Surfwise, a documentary by Doug Pray, is about the sea—well, about a father that tries to return his family to our primordial condition and find what he calls a “superior state of well-being”—-i.e., surfing. The father, Dorian Paskowitz, spends his early years, in the 1930s and ’40s, fluctuating between surfing and becoming a successful doctor from Stanford. Finding respectability oppressively mediocre, he embarks on several sexual experiments, which culminate in his meeting the love of his life and having nine children with her. It’s not so much that they drop out of society: they never plug in.
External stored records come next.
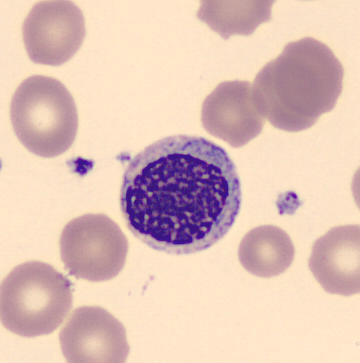
Acquisition: Peripheral blood smear.
Q: What is the morphological classification of this cell?
A: This is a myelocyte.
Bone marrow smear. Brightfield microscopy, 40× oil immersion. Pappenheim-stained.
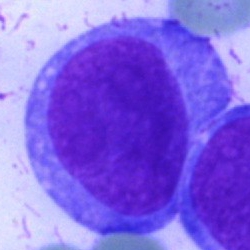

The cell shown is an undifferentiated blast.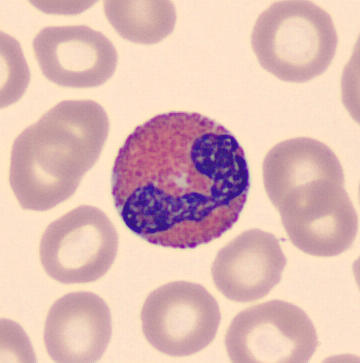 {"cell_type": "eosinophilic granulocyte", "lineage": "myeloid"}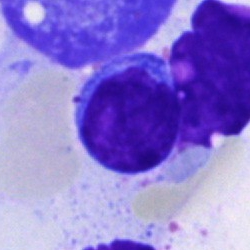 Morphology — lymphocyte.
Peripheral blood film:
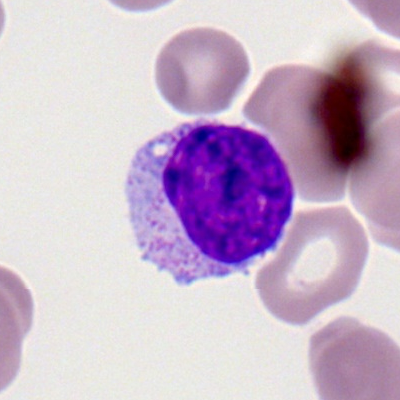 {"cell_type": "typical lymphocyte", "lineage": "lymphoid"}
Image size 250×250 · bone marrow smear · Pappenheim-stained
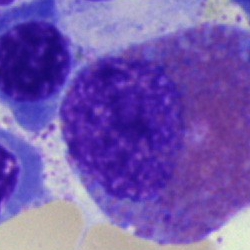
{"cell_type": "eosinophilic granulocyte"}
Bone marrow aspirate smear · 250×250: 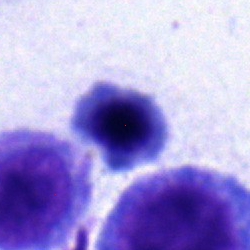
Morphology — normoblast.
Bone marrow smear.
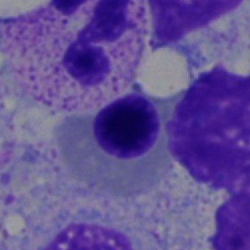Q: Identify the cell.
A: A nucleated red cell.
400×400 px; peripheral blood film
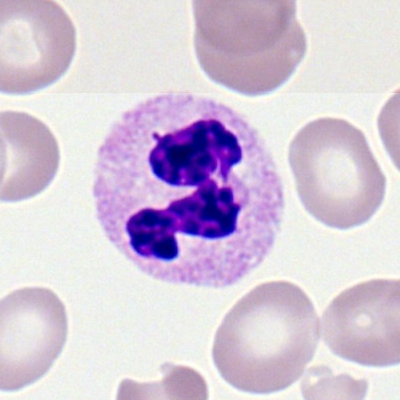{"cell_type": "segmented neutrophil"}
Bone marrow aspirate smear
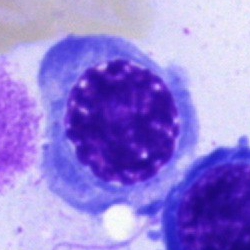The cell shown is an erythroblast.
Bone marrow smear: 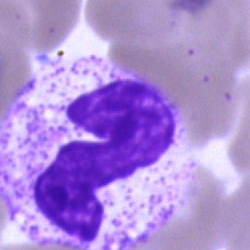
Band neutrophil.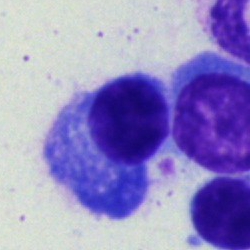Q: What is the morphological classification of this cell?
A: Plasmacyte.
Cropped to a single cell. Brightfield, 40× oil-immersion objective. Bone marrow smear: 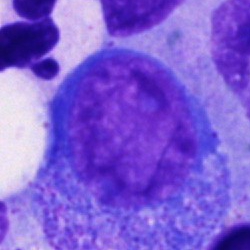
Q: What type of cell is this?
A: This is a segmented neutrophil.
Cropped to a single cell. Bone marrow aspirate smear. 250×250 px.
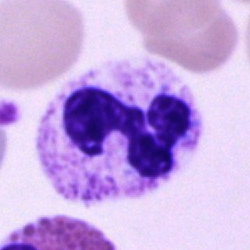
Classification: polymorphonuclear neutrophil.
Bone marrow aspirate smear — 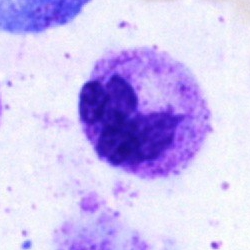
Q: What cell is this?
A: Segmented neutrophil.
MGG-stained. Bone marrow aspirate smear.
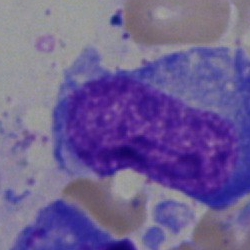
Q: What is the morphological classification of this cell?
A: This is an undifferentiated blast.
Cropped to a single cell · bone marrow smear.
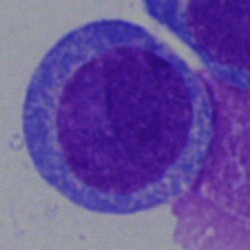Specimen: bone marrow aspirate smear.
Classification: undifferentiated blast.
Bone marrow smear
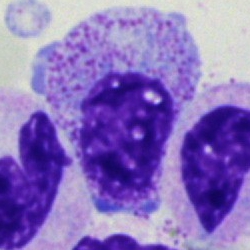 Cell type = myelocyte.
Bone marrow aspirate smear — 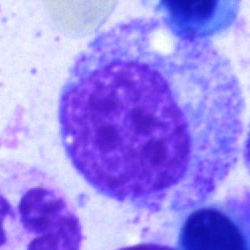

Q: Identify the cell.
A: Myelocyte.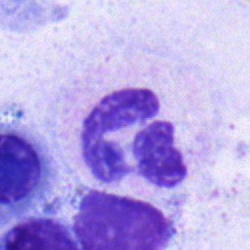 Cell type = segmented neutrophil.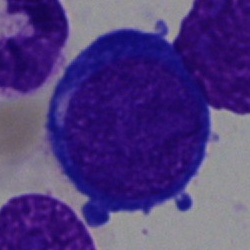 A proerythroblast.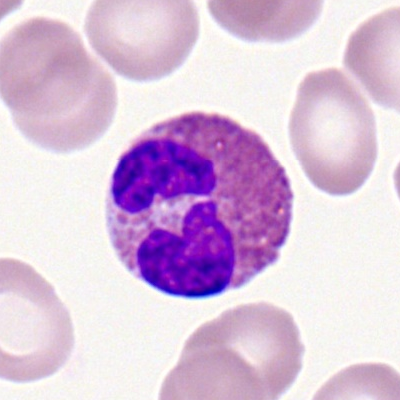 Showing an eosinophil.
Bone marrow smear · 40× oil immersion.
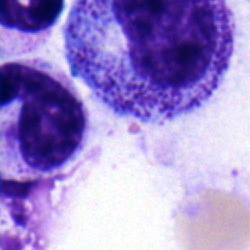Morphology consistent with a band-form neutrophil.
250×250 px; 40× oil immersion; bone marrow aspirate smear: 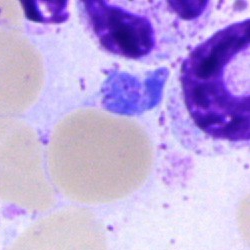 Specimen: bone marrow aspirate smear.
Morphological class: artefact.

No school, no money, often no clothes, all 11 putter around the world in a 24-foot camper, surfing and pursuing the perfect life. The first part of the movie is so high-spirited it almost entices you to drop everything and seek the grace you see in the 82-year-old Dorian calmly standing up on his board as the surf swells and foams around him.
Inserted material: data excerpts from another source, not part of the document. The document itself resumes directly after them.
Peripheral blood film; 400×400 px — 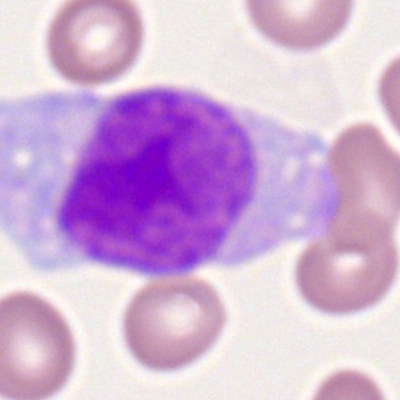
Showing a monocyte.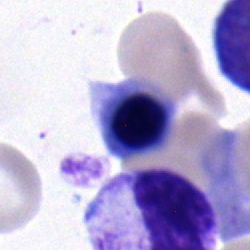

Bone marrow smear showing a normoblast.
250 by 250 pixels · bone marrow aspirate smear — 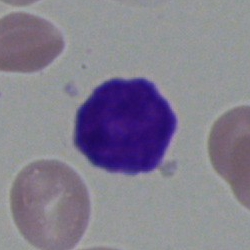
Cell type: lymphocyte.
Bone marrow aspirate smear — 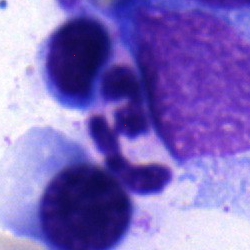

Q: What is the morphological classification of this cell?
A: It is a polymorphonuclear neutrophil.
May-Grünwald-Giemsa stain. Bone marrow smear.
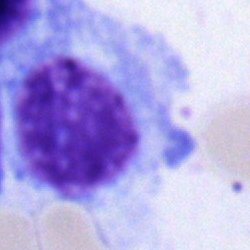
The classification is plasma cell.
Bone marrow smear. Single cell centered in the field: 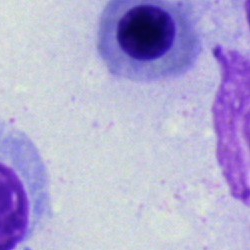 Cell — nucleated red blood cell.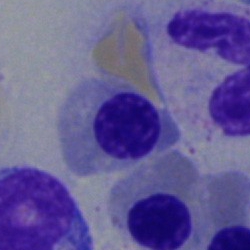

Cell — nucleated red blood cell.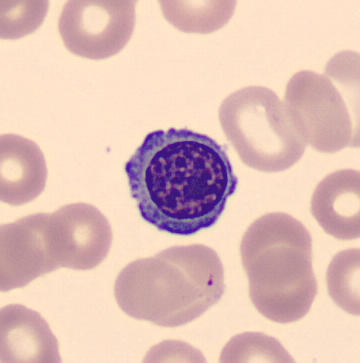
Acquisition: Peripheral blood smear.
Cell type — nucleated red cell.
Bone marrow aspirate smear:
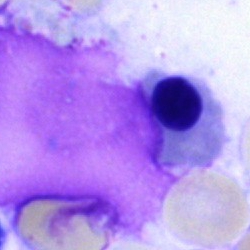

Specimen: bone marrow aspirate smear.
Classification: nucleated red blood cell.
Lineage: erythroid.
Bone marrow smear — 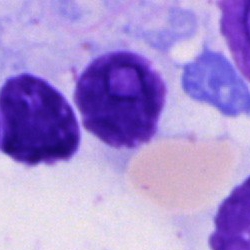Artefact.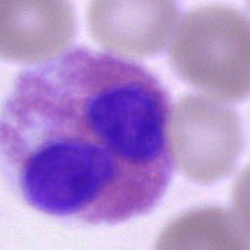
Single-cell crop from a bone marrow smear: eosinophil.
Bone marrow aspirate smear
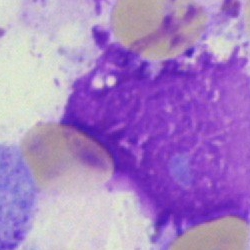 Q: What is shown here?
A: It is an artefact.
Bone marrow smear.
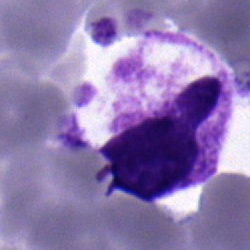Cell type = neutrophil (segmented).
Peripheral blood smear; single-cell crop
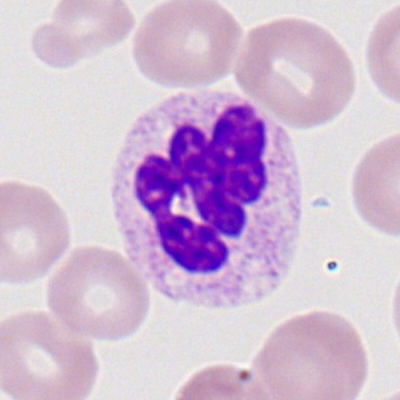Impression → segmented neutrophil.
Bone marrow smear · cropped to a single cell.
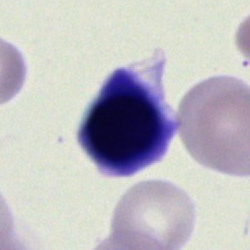 Morphology consistent with a normoblast.
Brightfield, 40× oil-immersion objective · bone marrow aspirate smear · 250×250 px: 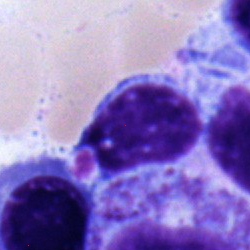
Specimen: bone marrow aspirate smear.
Cell: lymphocyte.
Lineage: lymphoid.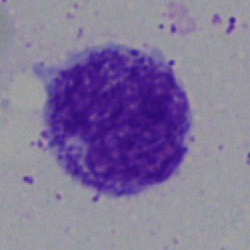

Showing a myelocyte.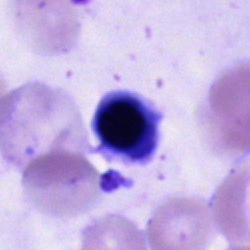An unidentifiable cell.
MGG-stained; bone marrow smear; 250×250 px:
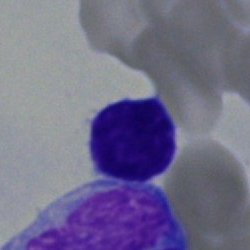

Single cell identified as a lymphocyte.
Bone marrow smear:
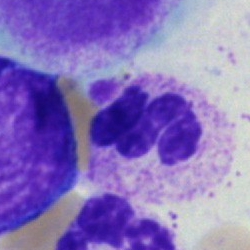

Impression → segmented neutrophil.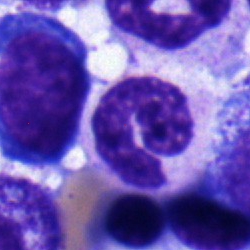Cell type = stab cell.
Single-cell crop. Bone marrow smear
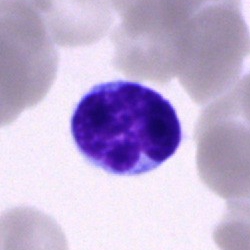Q: What is the morphological classification of this cell?
A: It is a lymphocyte.
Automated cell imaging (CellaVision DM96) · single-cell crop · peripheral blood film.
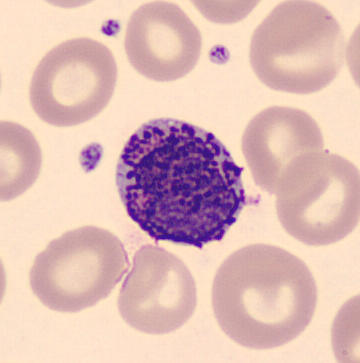Morphology — basophilic granulocyte.
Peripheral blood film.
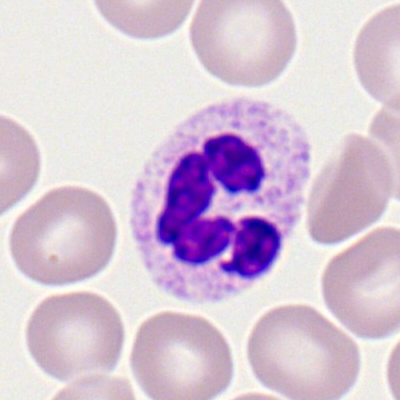
The morphological class is polymorphonuclear neutrophil.
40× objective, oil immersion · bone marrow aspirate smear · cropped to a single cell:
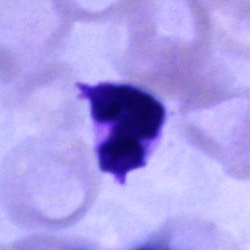 Showing a segmented neutrophil.
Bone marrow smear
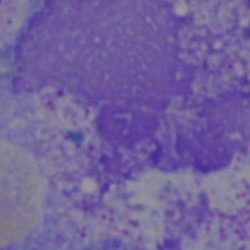Q: What is shown here?
A: Artefact.
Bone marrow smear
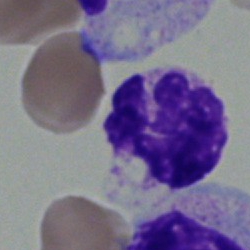 Q: What is the morphological classification of this cell?
A: It is a neutrophil (segmented).

But you soon realize that this family is not simply a band of hippie Huck Finns. If anything, Dorian resembles an Old Testament patriarch; and his children suffer and sometimes flourish under his almost-prophetic power. Maybe it’s just the recent flood, but watching the children talk about being cramped in their camper, nightly forced to hear their parents raucous love-making, I found myself in a reverie about what Noah’s children must have endured. No wonder we’re so screwed up.
Doug Pray does a good job of gradually complicating the situation: almost without noticing, the children’s ecstatic memories of riding the perfect wave dissolve into revelations about how long they’ve been estranged from their parents; or, in one case, of the oldest son—now in his 50s—breaking into a teen’s heavy metal lyrics of rage against his father. The fact is that the tyrannical impulse almost invariably accompanies the Utopian drive-—the great dream of always riding atop the wave and never crashing. I think some will come away from the movie hankering to ride the sea swells of life; but many, like myself, will begin to see the immense, accumulated wisdom in our mediocre respectability beside a river.
The conclusion of the movie-—I’m not spoiling anything by telling you they’re all reunited in the end-—is too easily achieved. But maybe that’s as it should be, for as the movie shows the parents embracing their children, we’ve been instructed to see the dreams and anger sharking underneath the tranquil surface. Come to think of it, the Paskowitzes aren’t that extraordinary.